Conforté par le soutien du président, le Premier ministre portugais s'est engagé lundi à garder le cap de l'austérité afin de restaurer la confiance après une crise politique qui a fait douter de la réussite du programme de redressement financier du pays.
A peine remis en selle après trois semaines d'incertitude, Pedro Passos Coelho a défendu la politique de rigueur qu'il mène sous la tutelle de ses créanciers internationaux en échange du prêt de 78 milliards accordé en mai 2011.
Loin de la juger excessive, comme le lui reprochent l'opposition de gauche voire même son partenaire de coalition, M. Passos Coelho a estimé que l'austérité était simplement "celle que nous imposent les circonstances".
Confirmant sa volonté de poursuivre dans la même voie, il a souligné la nécessité de promouvoir des "réformes profondes" et de "reconstruire la confiance en levant les doutes sur notre volonté de conclure notre programme d'assistance à la date prévue", en juin 2014.
Le Premier ministre est intervenu au lendemain de la décision du président Anibal Cavaco Silva de lui renouveler son appui, et de refuser les élections législatives anticipées que l'opposition de gauche réclame.
Le président avait souhaité dans un premier temps que les deux partis de la coalition au pouvoir et les socialistes concluent un "pacte de salut national". Mais cette proposition s'est soldée par un échec retentissant.
Même tardif, le soutien du président a été accueilli avec satisfaction par les marchés. Le taux d'emprunt à 10 ans du Portugal enregistrait une nette détente lundi matin, tandis que la Bourse de Lisbonne gagnait plus de 2%.
Les atermoiements de M. Cavaco Silva lui ont valu en revanche de sévères critiques au Portugal.
"Tout va rester comme avant alors que le pays a besoin d'un nouveau cap", a dit Alberto Martins, chef de la délégation du PS aux négociations avec les deux partis de la coalition.
Un gouvernement sous surveillance
Le président devrait vraisemblablement donner également son aval au remaniement ministériel que M. Passos Coelho lui a proposé.

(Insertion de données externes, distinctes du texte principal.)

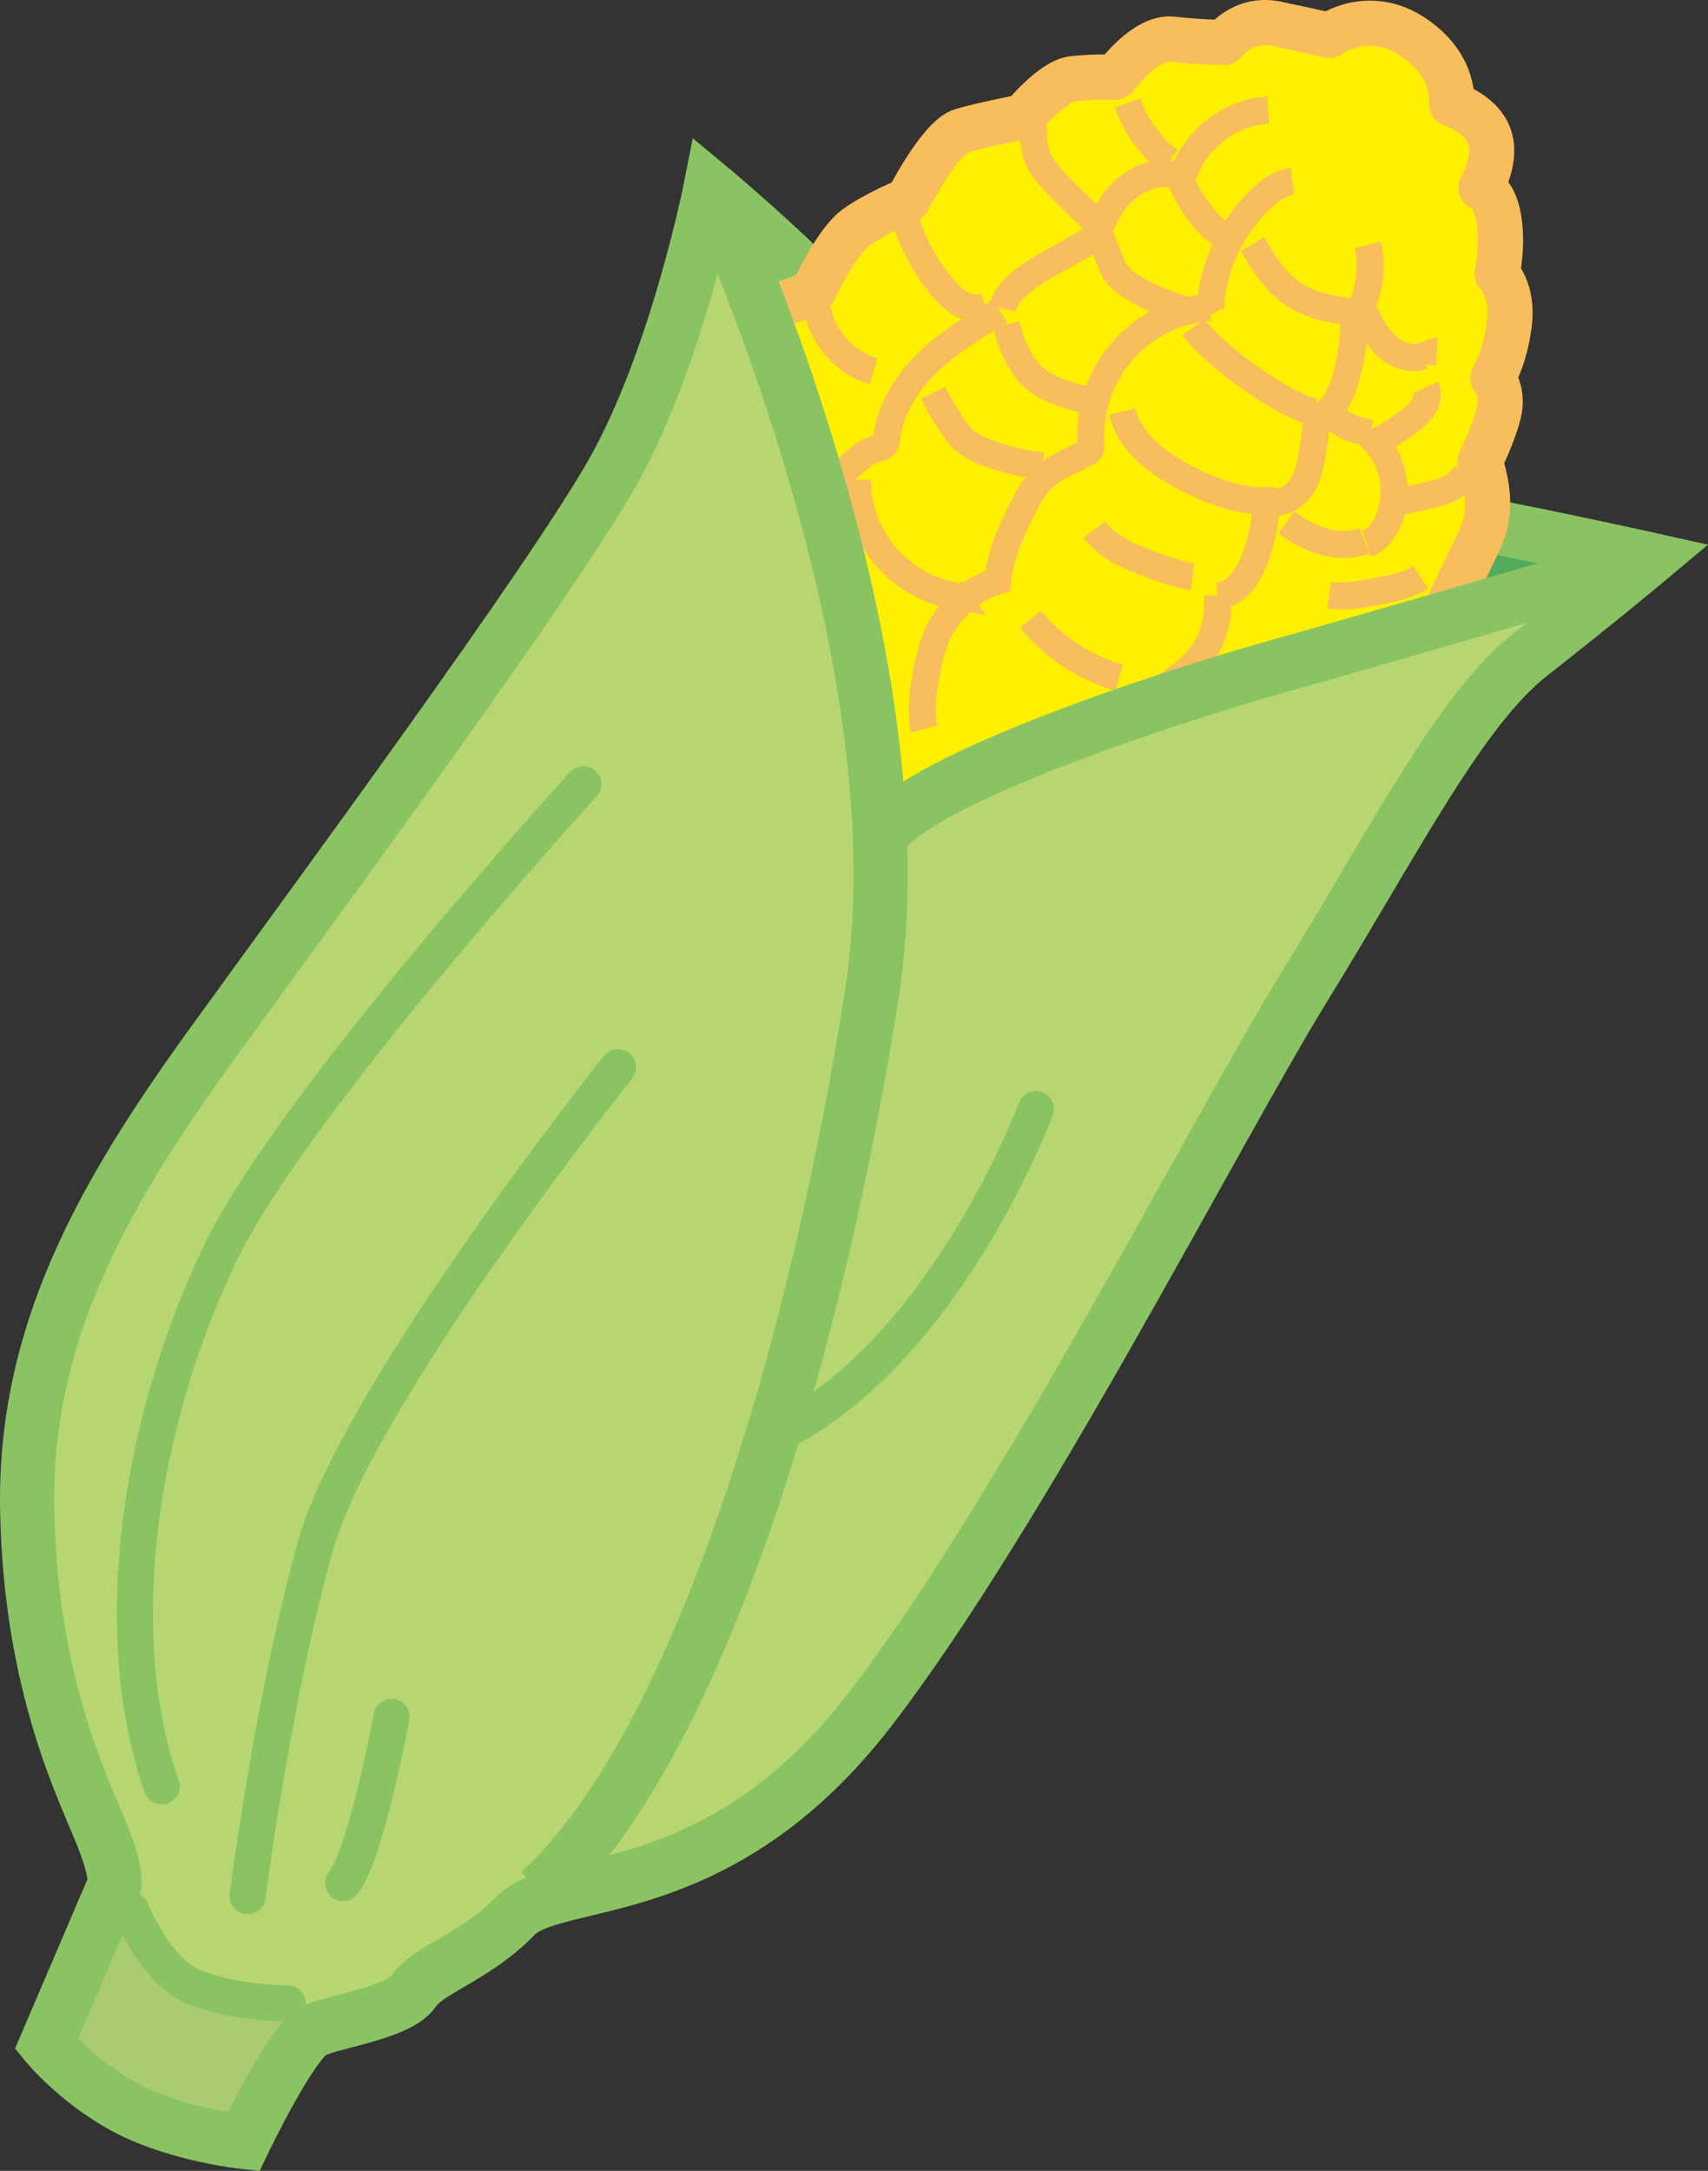 <?xml version="1.0" encoding="UTF-8"?><svg id="b" xmlns="http://www.w3.org/2000/svg" viewBox="0 0 268.242 340.752"><rect x="0" y="0" width="268.242" height="340.752" fill="#333333" stroke="none"/><defs><style>.d{fill:#fff000;}.e{fill:#b7d671;}.f{fill:#51ac5e;}.g{stroke-width:8.504px;}.g,.h,.i{stroke-miterlimit:10;}.g,.j{stroke:#8ac462;}.g,.j,.k,.i{fill:none;}.h{fill:#a9cc70;stroke:#a9cc70;stroke-width:2.835px;}.j{stroke-width:5.669px;}.j,.k{stroke-linecap:round;stroke-linejoin:round;}.k{stroke-width:7.087px;}.k,.i{stroke:#f8bd5c;}.i{stroke-width:4.252px;}</style></defs><g id="c"><g><path class="e" d="M154.918,82.055c-.046,.929-24.073-35.085-31.018-41.574-6.945-6.489-12.314-10.944-12.314-10.944,0,0-5.392,27.256-15.628,45.054-10.236,17.798-45.26,65.25-62.647,89.262C15.925,187.865,3.679,209.615,4.273,237.305c.594,27.69,9.024,43.752,11.88,51.017,2.856,7.265,1.554,8.179,1.554,8.179l-10.418,24.355s5.14,6.26,13.045,10.281c7.905,4.021,17.912,5.072,17.912,5.072,0,0,7.631-15.97,11.058-17.478,3.427-1.508,13.411-2.833,15.673-6.214,2.262-3.381,9.618-5.255,15.947-11.789,6.329-6.534,31.78-1.371,55.655-32.328,23.875-30.957,54.194-90.656,68.313-113.571,14.12-22.915,24.492-43.5,35.39-52.045,10.898-8.545,18.62-15.01,18.62-15.01,0,0-37.791-8.425-48.595-8.956-13.472-.663-55.389,3.236-55.389,3.236Z"/><path class="h" d="M18.112,294.105s-1,14.265,9.605,18.507c11.713,4.685,22.724,4.334,22.724,4.334,0,0-5.388,4.803-6.794,9.488s-5.974,10.659-5.974,10.659c0,0-10.434-1.72-17.34-5.955-6.907-4.235-13.046-10.281-13.046-10.281l10.824-26.752Z"/><g><polygon class="f" points="229.445 81.991 256.859 87.948 219.429 97.1 229.445 81.991"/><polygon class="f" points="130.368 47.411 113.006 30.122 119.762 51.943 130.368 47.411"/></g><path class="g" d="M154.918,82.055c-.046,.929-24.073-35.085-31.018-41.574-6.945-6.489-12.314-10.944-12.314-10.944,0,0-5.392,27.256-15.628,45.054-10.236,17.798-45.26,65.25-62.647,89.262C15.925,187.865,3.679,209.615,4.273,237.305c.594,27.69,9.024,43.752,11.88,51.017,2.856,7.265,1.554,8.179,1.554,8.179l-10.418,24.355s5.14,6.26,13.045,10.281c7.905,4.021,17.912,5.072,17.912,5.072,0,0,7.631-15.97,11.058-17.478,3.427-1.508,13.411-2.833,15.673-6.214,2.262-3.381,9.618-5.255,15.947-11.789,6.329-6.534,31.78-1.371,55.655-32.328,23.875-30.957,54.194-90.656,68.313-113.571,14.12-22.915,24.492-43.5,35.39-52.045,10.898-8.545,18.62-15.01,18.62-15.01,0,0-37.791-8.425-48.595-8.956-13.472-.663-55.389,3.236-55.389,3.236Z"/><path class="d" d="M122.255,52.624s-2.456-4.032,1.302-5.175c3.758-1.142,4.284-1.885,4.284-1.885,0,0,3.45-7.654,6.706-9.938,3.256-2.285,8.031-4.215,8.031-4.215,0,0,5.026-9.881,8.499-10.898,3.473-1.017,9.607-2.182,9.607-2.182,0,0,4.535-5.575,7.768-5.974,3.233-.4,6.717-.229,6.717-.229,0,0,4.649-6.477,8.956-5.986,4.307,.491,8.076,.537,8.076,.537,0,0,2.993-4.044,8.248-2.947,5.255,1.097,8.293,1.805,8.293,1.805,0,0,6.13-4.399,13.098,.205,6.968,4.604,6.139,10.59,6.139,10.59,0,0,4.021,.617,4.546,4.135,.525,3.518,.046,9.013,.046,9.013,0,0,2.136,.594,2.833,4.889,.697,4.295-.286,8.648-.286,8.648,0,0,2.604,2.433,1.919,7.848-.685,5.415-2.582,8.465-2.582,8.465,0,0,1.782,2.113,.914,5.563-.868,3.45-2.959,7.608-2.959,7.608,0,0,2.433,5.917,.434,11.058-1.999,5.141-4.828,12.588-4.828,12.588l-44.81,10.387-26.215,10.315-18.926,11.409-15.81-75.636Z"/><path class="j" d="M162.686,174.082s-13.952,37.499-39.937,50.75"/><path class="j" d="M91.617,123.087s-45.813,50.197-57.087,73.749c-12.289,25.671-17.791,58.732-9.139,83.559"/><path class="j" d="M20.633,299.87s3.662,9.63,10.095,12.132c6.434,2.502,14.429,2.455,14.429,2.455"/><path class="j" d="M97.07,167.501s-40.698,51.085-47.461,74.968c-6.763,23.883-10.723,55.167-10.723,55.167"/><path class="j" d="M61.504,269.505s-4.052,21.781-7.616,26.076"/><path class="k" d="M121.285,48.72c.745-.583,1.514-1.04,2.273-1.271,3.758-1.142,4.284-1.885,4.284-1.885,0,0,3.45-7.654,6.706-9.938,3.256-2.285,8.031-4.215,8.031-4.215,0,0,5.026-9.881,8.499-10.898,3.473-1.017,9.607-2.182,9.607-2.182,0,0,4.535-5.575,7.768-5.974,3.233-.4,6.717-.229,6.717-.229,0,0,4.649-6.477,8.956-5.986,4.307,.491,8.076,.537,8.076,.537,0,0,2.993-4.044,8.248-2.947,5.255,1.097,8.293,1.805,8.293,1.805,0,0,6.13-4.399,13.098,.205,6.968,4.604,6.139,10.59,6.139,10.59,0,0,4.084,1.249,5.657,4.44,1.893,3.841-1.064,8.708-1.064,8.708,0,0,2.136,.594,2.833,4.889,.697,4.295-.286,8.648-.286,8.648,0,0,2.604,2.433,1.919,7.848-.685,5.415-2.582,8.465-2.582,8.465,0,0,1.782,2.113,.914,5.563-.868,3.45-2.959,7.608-2.959,7.608,0,0,2.433,5.917,.434,11.058-.962,2.473-3.995,8.239-5.765,12.354"/><path class="i" d="M177.083,16.173c1.26,3.579,3.571,6.782,6.572,9.104"/><path class="i" d="M184.982,27.012c1.057,3.136,2.831,6.029,5.147,8.393,.462,.471,.959,.931,1.569,1.183"/><path class="i" d="M199.165,17.259c-5.522,.34-10.71,3.998-12.884,9.085-.126,.294-.251,.604-.496,.808-.465,.387-1.151,.25-1.749,.163-2.457-.356-4.994,.55-6.925,2.111-1.931,1.56-3.305,3.723-4.272,6.01-.245,.58-.474,1.183-.882,1.663-.417,.49-.99,.815-1.55,1.13-1.247,.701-2.494,1.402-3.741,2.103-3.251,1.827-8.411,4.461-9.264,8.091"/><path class="i" d="M157.11,48.836c-3.988,2.383-8.015,4.796-11.357,8.024-3.341,3.228-5.984,7.394-6.513,12.01-.038,.336-.072,.692-.273,.964-.3,.409-.862,.496-1.359,.599-2.87,.591-7.977,6.539-8.778,9.358"/><path class="i" d="M214.81,38.435c.936,4.037,.113,8.45-2.216,11.879,.069,3.353-.443,6.717-1.506,9.898-.64,1.915-1.579,3.881-3.315,4.911-.329,.195-.7,.37-.888,.703-.129,.229-.152,.5-.175,.762-.152,1.776-.398,3.545-.734,5.296-.301,1.565-.689,3.152-1.558,4.488-.869,1.336-2.305,2.396-3.899,2.43-.536,.011-1.176-.049-1.499,.378-.172,.226-.195,.528-.215,.811-.203,2.748-.827,5.464-1.844,8.024-1.04,2.619-2.953,5.377-5.767,5.531"/><path class="i" d="M196.702,38.329c1.687,2.832,3.451,5.749,6.145,7.648,3.296,2.324,7.506,2.801,11.518,3.208,.893,1.868,1.876,3.753,3.412,5.141,1.537,1.388,3.752,2.198,5.721,1.556-.023,.456-.046,.912-.069,1.369"/><path class="i" d="M223.922,60.785c.433,.975,.208,2.145-.344,3.058s-1.392,1.611-2.244,2.253c-1.666,1.254-3.444,2.359-5.306,3.298,3.216,3.477,3.876,9.068,1.56,13.2-.673,1.201-1.64,2.327-2.95,2.752"/><path class="i" d="M162.296,18.623c-.056,2.123-.098,4.322,.735,6.275,1.395,3.27,7.002,7.606,9.216,10.387"/><path class="i" d="M172.098,34.944c.203,.99,2.531,6.904,3.075,7.755,1.745,2.727,8.433,5.312,11.567,6.124-.249,.136-4.01-.848-4.26-.712"/><path class="i" d="M146.547,61.652c.845,1.681,1.788,3.313,2.825,4.883,.618,.937,1.278,1.862,2.127,2.597,1.019,.882,2.268,1.454,3.527,1.937,2.796,1.071,5.737,1.76,8.717,2.043"/><path class="i" d="M187.448,51.357c3.005,4.255,13.925,12.244,19.021,13.325"/><path class="i" d="M208.659,64.167c.526,1.199,1.597,2.093,2.775,2.666,1.178,.572,2.471,.859,3.75,1.141"/><path class="i" d="M230.312,74.015c-.484,1.202-1.533,2.106-2.693,2.681-1.161,.575-2.44,.86-3.705,1.14-1.544,.342-3.088,.683-4.632,1.025"/><path class="i" d="M171.86,83.123c2.39,3.149,6.338,4.614,10.068,5.925,1.751,.615,3.519,1.235,5.362,1.462"/><path class="i" d="M161.816,97.198c3.584,4.372,8.52,7.621,13.953,9.184"/><path class="i" d="M223.115,90.608c-1.838,1.2-4.048,1.657-6.2,2.089-2.693,.541-5.447,1.085-8.169,.712"/><path class="i" d="M141.331,30.677c.874,5.252,3.178,10.258,6.598,14.339,.862,1.028,1.812,2.014,2.987,2.663,1.174,.648,2.609,.927,3.877,.488"/><path class="i" d="M158.02,50.981c.934,3.491,2.405,7.107,5.407,9.119,1.215,.814,2.609,1.312,3.998,1.772,1.358,.45,2.754,.875,4.185,.853"/><path class="i" d="M176.226,64.629c1.246,5.013,5.923,8.364,10.542,10.677,4.208,2.107,8.872,3.767,13.542,3.185"/><path class="i" d="M202.044,82.017c1.764,1.3,3.694,2.418,5.802,3.014,2.109,.597,4.414,.645,6.46-.141"/><path class="i" d="M202.978,28.471c-1.932,.242-3.597,1.466-5.007,2.809-4.683,4.46-7.57,10.755-7.893,17.214"/><path class="i" d="M190.047,48.223c-5.254,.372-10.324,2.898-13.786,6.868-3.462,3.97-5.274,9.336-4.928,14.592,.019,.288,.041,.594-.095,.849-.129,.242-.376,.394-.614,.529-2.334,1.321-4.992,2.179-6.922,4.041-1.283,1.238-2.151,2.836-2.965,4.422-1.886,3.676-3.622,7.532-4.025,11.644-3.714,1.071-6.8,3.816-8.829,7.106-2.029,3.29-3.751,12.403-2.737,16.133"/><path class="i" d="M191.227,93.427c.31,7.023-2.644,10.831-8.592,14.579"/><path class="i" d="M134.631,75.313c.015,4.329,1.601,8.635,4.397,11.94,2.796,3.305,6.78,5.582,11.047,6.314-.251-.351-.503-.703-.754-1.054"/><path class="i" d="M128.378,48.469c.795,4.564,4.361,8.528,8.816,9.8"/><path class="g" d="M258.902,87.775s-43.532,12.717-58.997,17.041c-16.998,4.752-58.435,18.402-61.847,27.175"/><path class="g" d="M111.586,29.537s33.798,72.166,25.359,126.328c-8.438,54.162-26.648,117.623-52.206,141.14"/></g></g></svg>

Le Premier ministre a en effet décidé de promouvoir au rang de vice-Premier ministre Paulo Portas, chef du parti conservateur CDS-PP, dont la démission de son poste de ministre des Affaires étrangères avait déclenché la crise et mis en péril la survie de la coalition.
M. Cavaco Silva semble toutefois avoir mis le Premier ministre sous surveillance. "Je n'abdiquerai aucun des pouvoirs que la Constitution m'attribue", a-t-il dit, alors qu'il a toujours la possibilité de convoquer des élections législatives anticipées, même si son rôle est essentiellement protocolaire.
Le gouvernement "est maintenant sous la tutelle du président, en plus de celle dela 'troïka' (des créanciers), ce qui crée une instabilité permanente", a commenté le quotidien Diario de Noticias.
En raison de la crise politique, la troïka (UE-FMI-BCE) a accepté de repousser jusqu'à fin août, début septembre sa prochaine évaluation des comptes du pays.
L'examen s'annonce d'autant plus ardu que le gouvernement s'est engagé à ramener d'ici la fin de l'année le déficit public à 5,5% du PIB. En raison des difficultés qu'il traverse, il pourrait demander un nouvel allégement de ses objectifs, le troisième depuis la mise en oeuvre du plan de sauvetage.
"A priori, la troïka devrait continuer de se montrer satisfaite des efforts de consolidation budgétaire du Portugal", a toutefois estimé René Defossez, stratégiste chez Natixis.
Le gouvernement doit également présenter aux bailleurs de fonds une réforme de l'Etat destinée à réduire les dépenses publiques de 4,7 milliards d'euros, un projet qui suppose des coupes drastiques susceptibles d'alimenter le mécontentement populaire.
"Le peuple portugais ne restera pas passif et toutes les formes de lutte sont possibles", a averti le chef de la CGTP, le principal syndicat portugais.